A special treat for the PINC students was that we got to talk to Cecilia Brown, a PINC alum who is now a PhD student at Stanford.
The PINC program started in 2016 as a collaboration between the CS and Biology Departments at SFSU. Now, two years later, we are extremely happy to announce that were awarded 1.3 million dollars from the NSF to continue our efforts in the next 5 years!
The money will be used to run separate PINC sections for CS classes, to hire PINC mentors, to run the PINC summer program and to do research on how we can best support women and students from underrepresented groups in their CS journey.
Abstract of the NSF proposal
This project aims to address two pressing needs in STEM education: 1) increasing the number of students graduating with expertise in data and computer science; and 2) improving diversity in STEM fields. The project team at San Francisco State University (SFSU) will achieve these goals by developing and implementing a Computing Application minor. This minor will use evidence-based approaches to attract, retain, and support students, with attention to students from groups that are underrepresented in computer/data science, including female students. By tailoring activities to students’ majors, the project expects to increase student engagement and help students experience how data and computer science are applied in their majors and future professions. Students in the minor will have opportunities to work with local industry and governmental agencies. In addition, this project will link to the NSF INCLUDES project at SFSU. As a result, the Computing Application minors will be able to work with high school students as computer science mentors and role models. These experiences can support development of critical skills, including leadership. The project aims to provide a sustainable and scalable model for introducing data and computer science to science majors that can be adopted by other institutions, and that can broaden participation in those fields.
The Computing Application minor will be a four-semester, five-course sequence designed for STEM students who have no prior computer/data science knowledge and who are taking a full course load in their major. The project will provide participating students with learning experiences related to their majors, train computer science faculty in evidence-based science teaching methods, and invite students to share their knowledge with the K-12 community. To reduce stereotype threat and imposter syndrome, the project will employ a cohort-based structure that uses peer, faculty, and industry mentors to create a nurturing and supportive community of learners. The project will identify pedagogies that promote students’ interest in computer/data science and their motivation to use it in their majors. These research results can inform other efforts to broaden the diversity of people who have computational expertise, and who decide to pursue graduate degrees and careers in computer/data science.

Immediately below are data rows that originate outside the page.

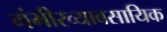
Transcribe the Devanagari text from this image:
गंभीरव्यावसायिक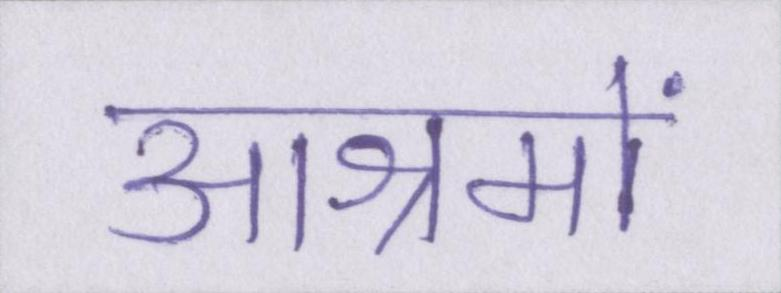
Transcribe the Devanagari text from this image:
आश्रमों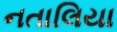
નતાલિયા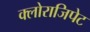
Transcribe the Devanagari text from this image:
क्लोराजिपेट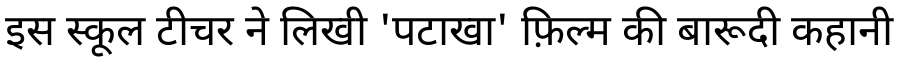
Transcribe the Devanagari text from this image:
इस स्कूल टीचर ने लिखी 'पटाखा' फ़िल्म की बारूदी कहानी

Eight teams of mostly undergrad students from Biology, Biochemistry, Economics and other disciplines spent 9 weeks during the summer of 2018 learning “Big Data” skills. Each team was led by a senior undergrad or graduate student, with support from a professor. The program was run by Drs Rori Rohlfs (biology), Nicole Adelstein (chemistry), Sepideh Modrek (economics) and Pleuni Pennings (biology).
During the 9 weeks of the program, students worked in small groups for 10 hours a week on campus. In the first weeks of the program, each team worked through an online class, and then they applied their new skills to a research project. For example, one team learned data science skills in R and then analyzed data on the experience of students in our local REU program. Another team learned machine learning skills and then worked on a project to determine the subtype of an HIV sequence using machine learning algorithms.
Many of the students in the program were recruited to the different labs on campus to continue doing computational research. Several students joined the PINC program to take their first CS class.
The “splicing team” did computational research on alternative splicing during the 2018 summer program.